- Also known as: Julia Nagle (1988–2006)
- Born: Julia Adamson September 30, 1960 (age 65) Peterborough, Ontario, Canada
- Origin: Manchester, England
- Genres: Punk, electronic, rock
- Occupations: Composer, musician, label manager
- Instruments: Guitar, synthesizer, keyboards, vocals, computer programming
- Years active: 1971–present
- Label: Invisiblegirl Records

= Julia Adamson =

Canadian musician

Julia Adamson (also known as Julia Nagle from 1988 to 2006) (born September 30, 1960 in Peterborough, Ontario) is a Canadian composer, musician and current label manager of Invisiblegirl Records. She came to prominence as a recording engineer, and was a member of the Fall between 1995 and 2001.

==Biography==
In 1967 her family moved to Manchester, England. In 1971, she sang in St Winifred's School Choir on the school's first album of modern hymns.

In 1977, Adamson played guitar in the punk group Blackout, alongside James Fry, Tony Ogden, and Gordon King. Fry, Ogden, and King went on to form World of Twist and Earl Brutus. A 2022 book by King, When Does the Mind-Bending Start?: The Life and Times of World of Twist, includes memories of Blackout.

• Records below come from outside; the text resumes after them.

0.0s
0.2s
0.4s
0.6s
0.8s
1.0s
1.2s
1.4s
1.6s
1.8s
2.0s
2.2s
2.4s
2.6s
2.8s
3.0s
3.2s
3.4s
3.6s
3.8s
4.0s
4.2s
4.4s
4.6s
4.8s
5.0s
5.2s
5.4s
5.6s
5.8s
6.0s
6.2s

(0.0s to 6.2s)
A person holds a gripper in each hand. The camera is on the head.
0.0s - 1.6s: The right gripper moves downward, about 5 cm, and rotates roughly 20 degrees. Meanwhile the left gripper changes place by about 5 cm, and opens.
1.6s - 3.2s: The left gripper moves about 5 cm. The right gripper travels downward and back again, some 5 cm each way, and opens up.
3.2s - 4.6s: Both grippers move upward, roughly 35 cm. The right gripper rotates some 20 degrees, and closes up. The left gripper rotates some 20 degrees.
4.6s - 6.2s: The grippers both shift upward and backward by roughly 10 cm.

She played synthesiser with early electronica band Illustration in 1979 whose members were Tony Harrison (Lead Vocals) Timm Johnson (Guitar/Synthesiser) Paul Lancaster (Bass) and George Terry (Drums). Their track "Tidal Flow" was included on the classic record Some Bizzare Album on Some Bizzare Records run by Stevo Pearce. The group toured with Blancmange and Pink Military. In 2020 they were included on compilation "The Tears of Technology" on Ace Records with track "Tidal Flow" and in 2022 on compilation album "Prophecy & Progress" on Peripheral Minimal Records with track "Dimensions of Design". A book by Wesley Doyle titled "Conform to Deform" published in 2023, where Illustration are interviewed about "The Some Bizzare Album". The book is set to become a 4 part BBC documentary. In November 2025 Illustration Records released Synchronise Your Heart album of demos and radio sessions from the time, available from Bandcamp.

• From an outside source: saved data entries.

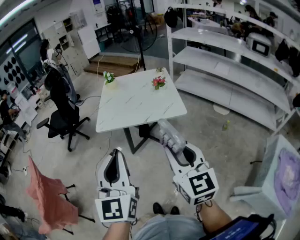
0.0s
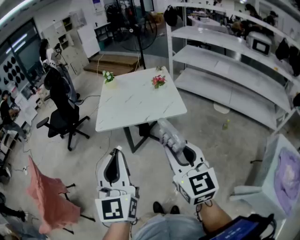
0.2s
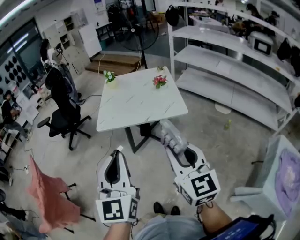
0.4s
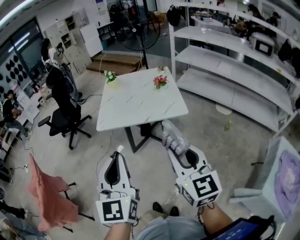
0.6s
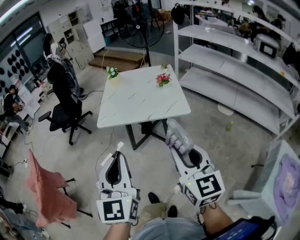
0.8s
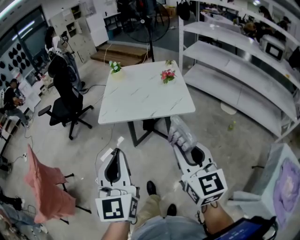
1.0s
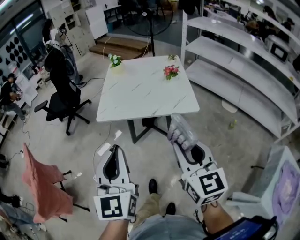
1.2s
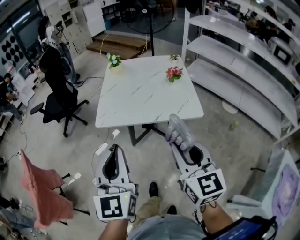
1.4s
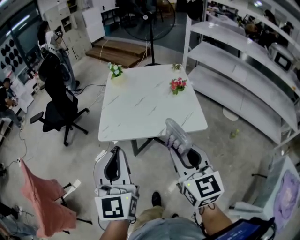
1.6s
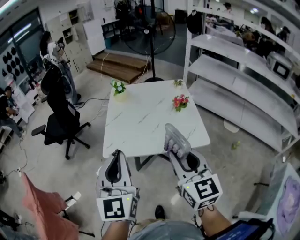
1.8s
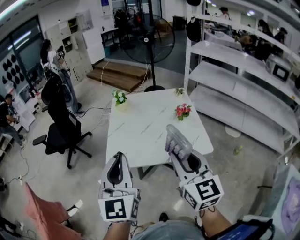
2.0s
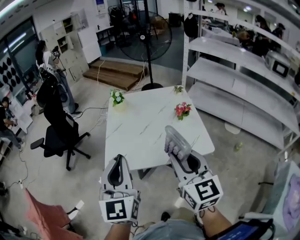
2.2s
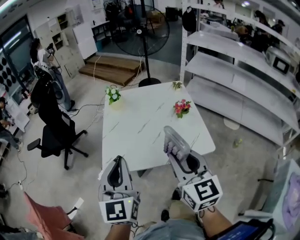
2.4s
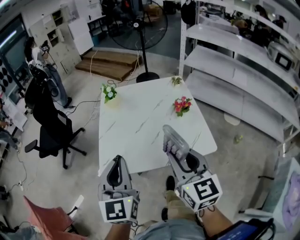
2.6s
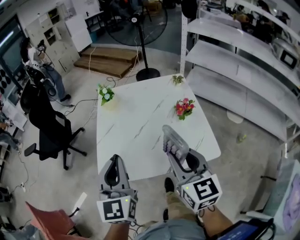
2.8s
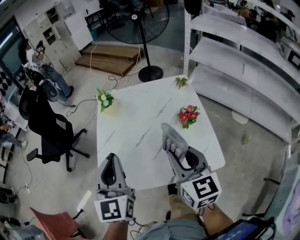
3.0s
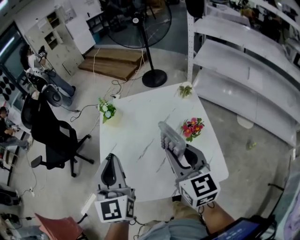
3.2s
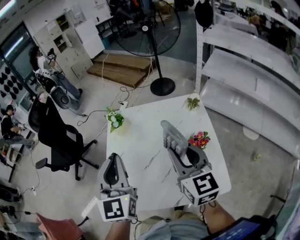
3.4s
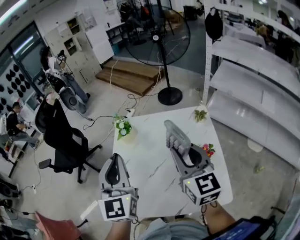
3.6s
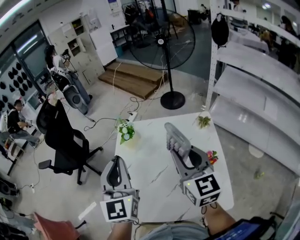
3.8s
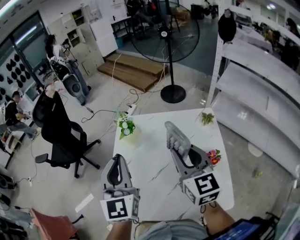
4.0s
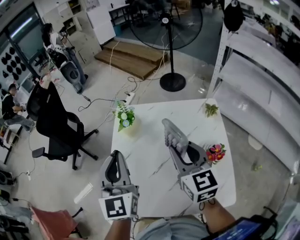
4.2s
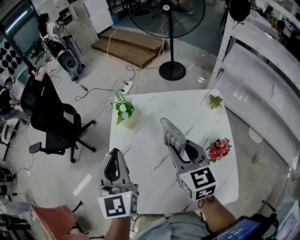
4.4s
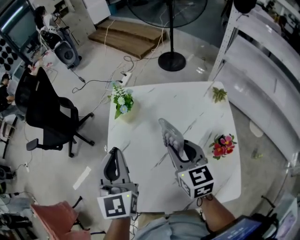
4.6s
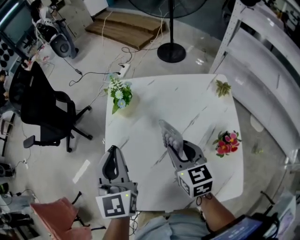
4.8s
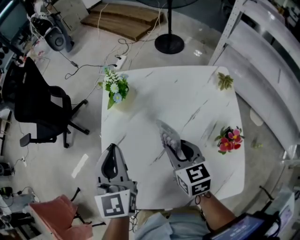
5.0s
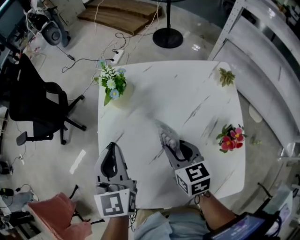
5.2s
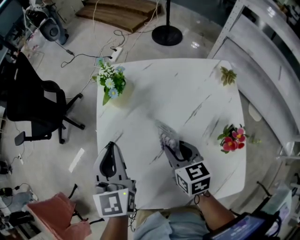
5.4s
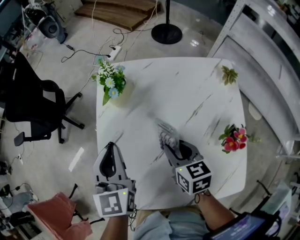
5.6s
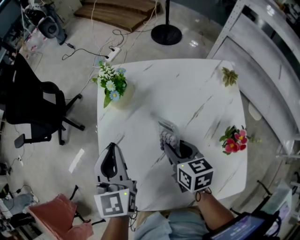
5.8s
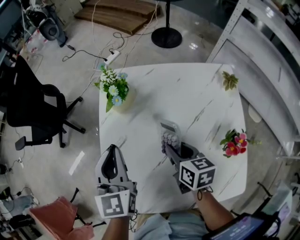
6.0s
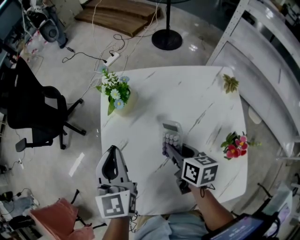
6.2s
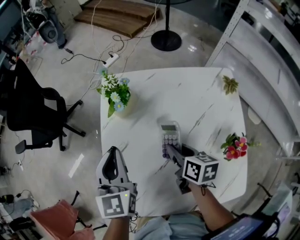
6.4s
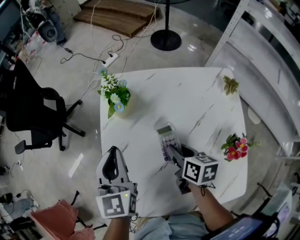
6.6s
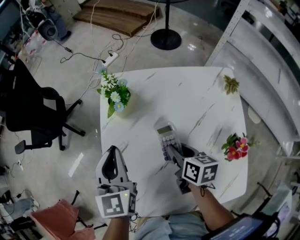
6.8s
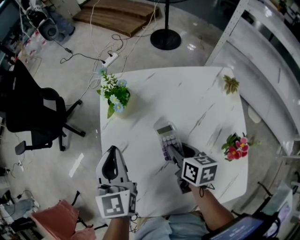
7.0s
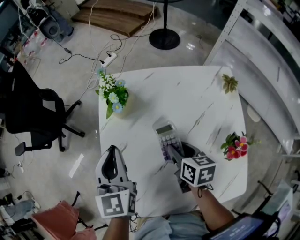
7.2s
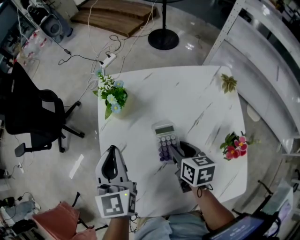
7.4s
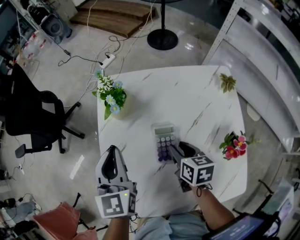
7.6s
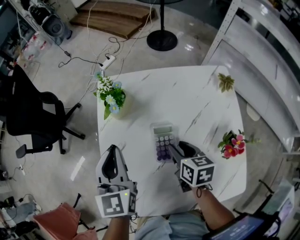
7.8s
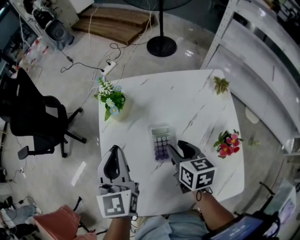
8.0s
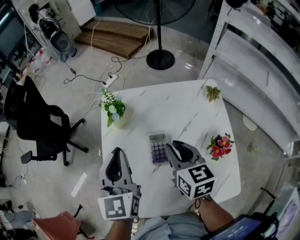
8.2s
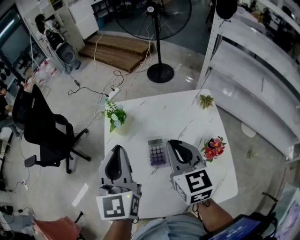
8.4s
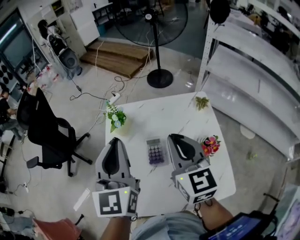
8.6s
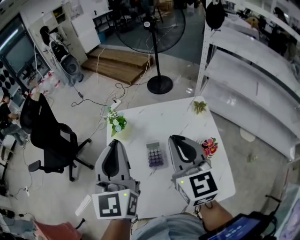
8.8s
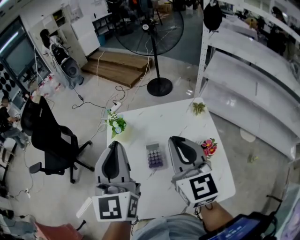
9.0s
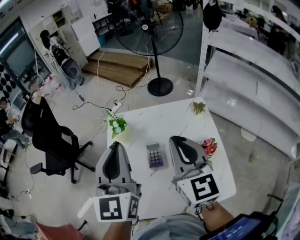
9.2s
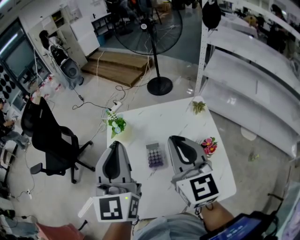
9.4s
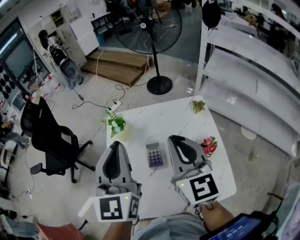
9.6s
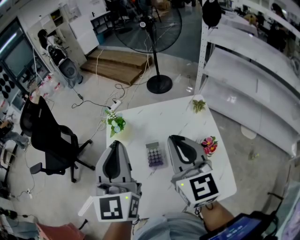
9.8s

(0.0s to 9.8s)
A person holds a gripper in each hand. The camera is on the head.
0.0s - 1.4s: Both grippers travel together forward, some 15 cm.
1.4s - 2.8s: Both grippers travel together forward, approximately 25 cm.
2.8s - 4.2s: The two grippers go approximately 25 cm forward.
4.2s - 5.6s: The grippers both shift downward by some 20 cm. The right gripper turns by approximately 30 degrees.
7.0s - 8.4s: The left gripper heads upward and to the right, covering some 15 cm. Meanwhile the right gripper is displaced upward by about 25 cm, swivels some 40 degrees, and closes its fingers.
8.4s - 9.8s: The two grippers go roughly 10 cm upward.

Adamson worked as personal assistant to record producer Martin Hannett from 1981 until 1983. A book by Audrey Golden titled "Factory Women" was published in May 2023, in which she is interviewed about Factory Records.

She was employed as a tape op and sound engineer at Yellow Two and Strawberry Studios in Stockport from 1984 to 1990.
While working at Yellow Two and Strawberry Studios recording studios, she played guitar, synthesiser and programmed computers in group What?Noise from 1986 until 1991. She contributed to album Fat and 12" vinyl EP Vein. What?Noise toured in the UK and recorded at the studios where they worked as sound technicians.
 At the closure of Strawberry studios in 1991 Adamson helped to rescue a number of copy-master tapes from destruction (they were thrown in a skip outside the building). There were a number of tapes that included recordings by Factory Records and other artists.

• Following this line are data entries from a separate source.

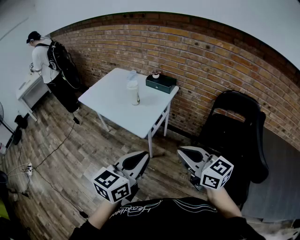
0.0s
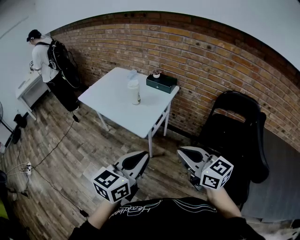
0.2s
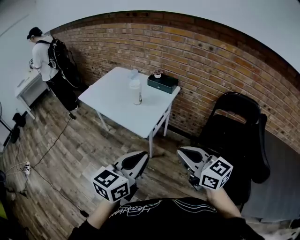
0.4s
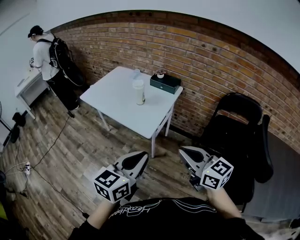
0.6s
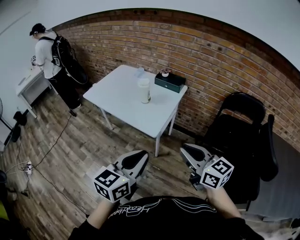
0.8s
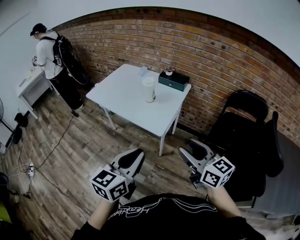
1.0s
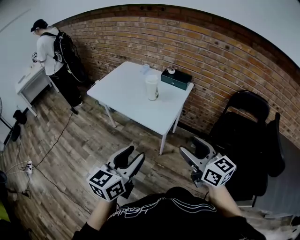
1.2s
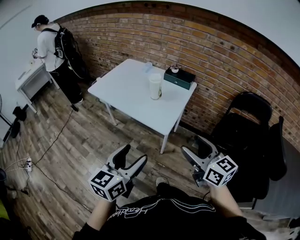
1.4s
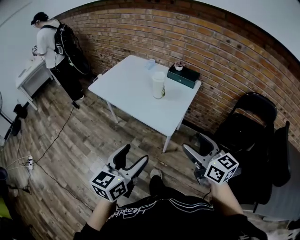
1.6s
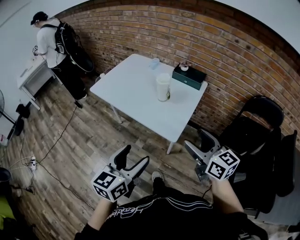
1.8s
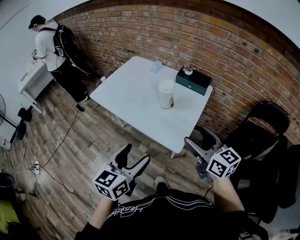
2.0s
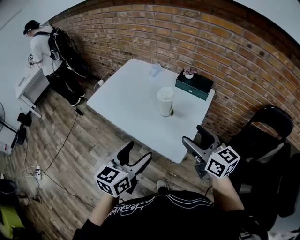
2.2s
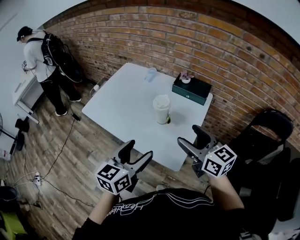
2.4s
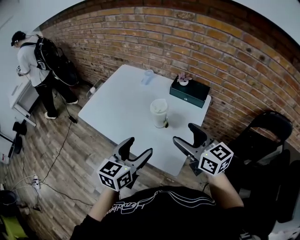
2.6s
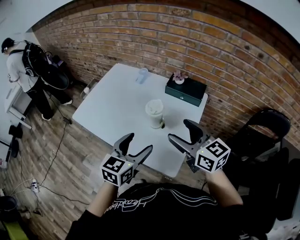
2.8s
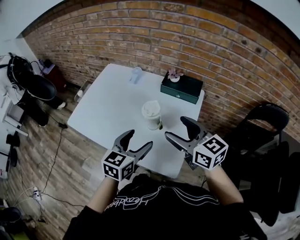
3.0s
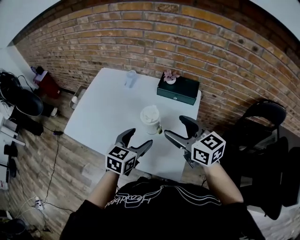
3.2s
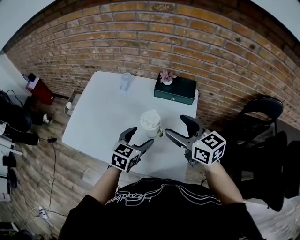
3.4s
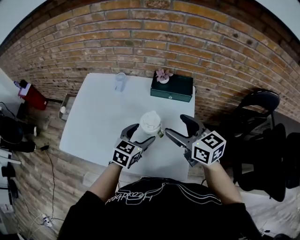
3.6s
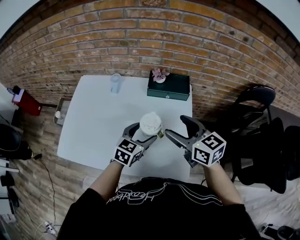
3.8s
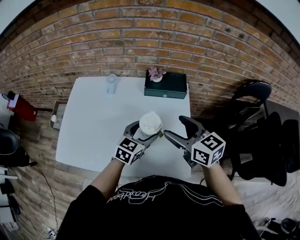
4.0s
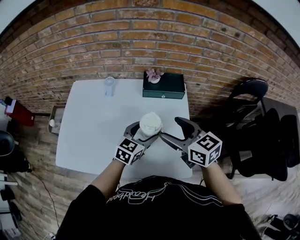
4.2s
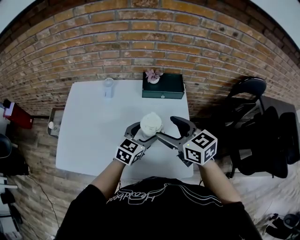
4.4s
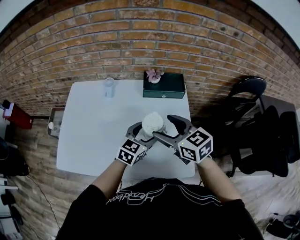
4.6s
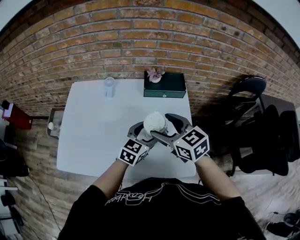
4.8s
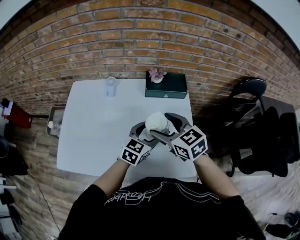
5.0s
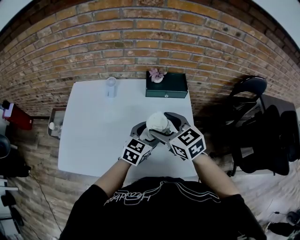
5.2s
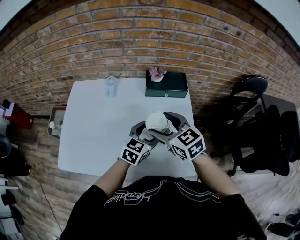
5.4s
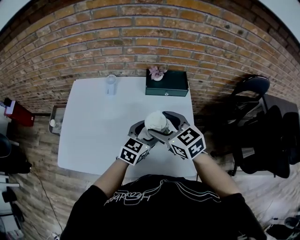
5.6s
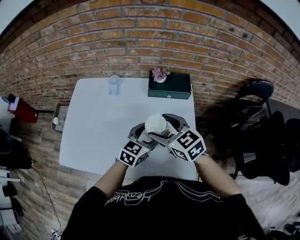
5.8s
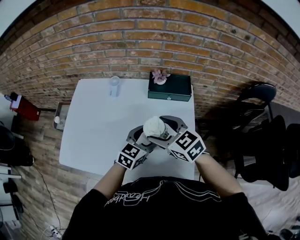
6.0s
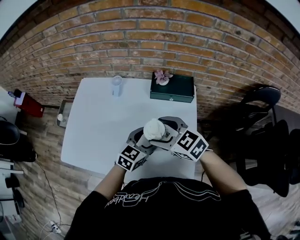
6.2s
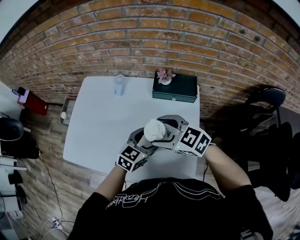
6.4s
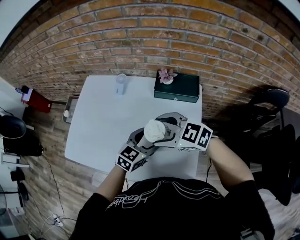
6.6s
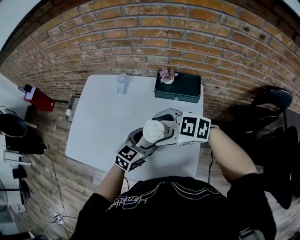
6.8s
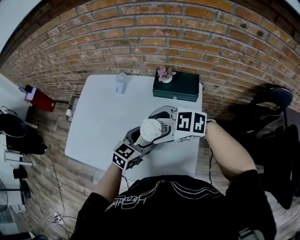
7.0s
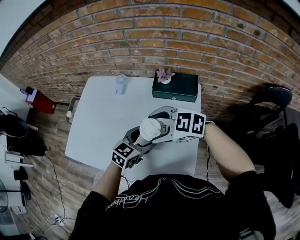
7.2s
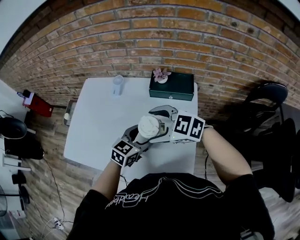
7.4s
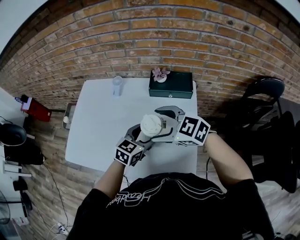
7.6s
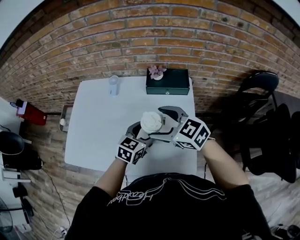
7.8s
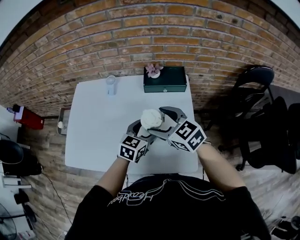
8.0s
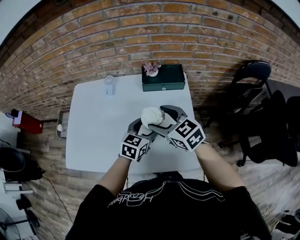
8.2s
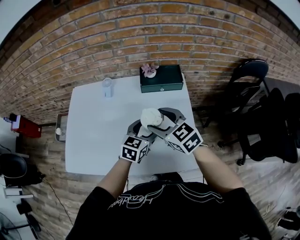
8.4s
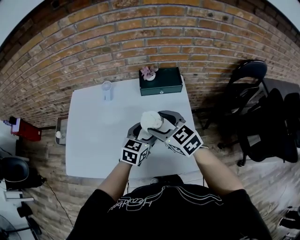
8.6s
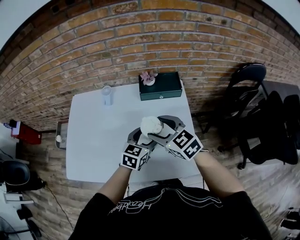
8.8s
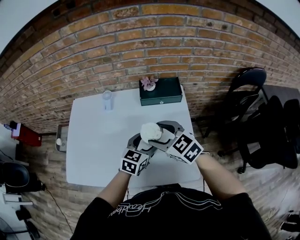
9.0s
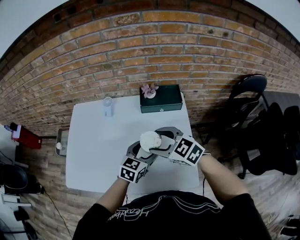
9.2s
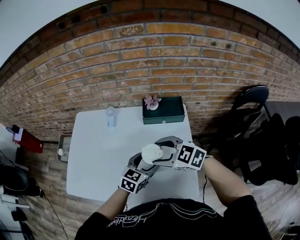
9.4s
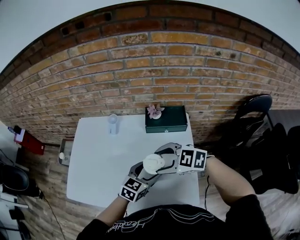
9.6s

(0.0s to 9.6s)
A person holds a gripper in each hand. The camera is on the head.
0.0s - 1.6s: The right gripper goes roughly 15 cm to the left and forward, and opens up, while the left gripper shifts some 20 cm to the left, and opens.
1.6s - 3.2s: Both grippers move forward, approximately 40 cm. The left gripper changes its angle by about 30 degrees.
3.2s - 4.8s: The right gripper is displaced to the left by approximately 10 cm, while the left gripper moves forward and downward, about 10 cm, and turns by roughly 30 degrees.
4.8s - 6.4s: The right gripper swivels roughly 30 degrees.
6.4s - 8.0s: The right gripper changes its angle by about 20 degrees.
8.0s - 9.6s: The right gripper swivels about 30 degrees.

She was a member of the Fall between 1995 and 2001, playing keyboards, guitar, vocals and computers. She contributed to albums The Twenty Seven Points, The Light User Syndrome, Levitate, The Post Nearly Man, The Marshall Suite and The Unutterable. She and Mark E Smith contributed to songs by Elastica and performed at the 'Sacred and Profane' themed Meltdown Festival hosted by Nick Cave in 1999. Adamson toured extensively with the Fall.

In 2006, Adamson launched Invisiblegirl Records and Invisible Girl Music Publishing, with over 30 releases to date. Invisible Girl Music includes an expanding publishing catalogue of original songs from the singer-songwriters on her record label.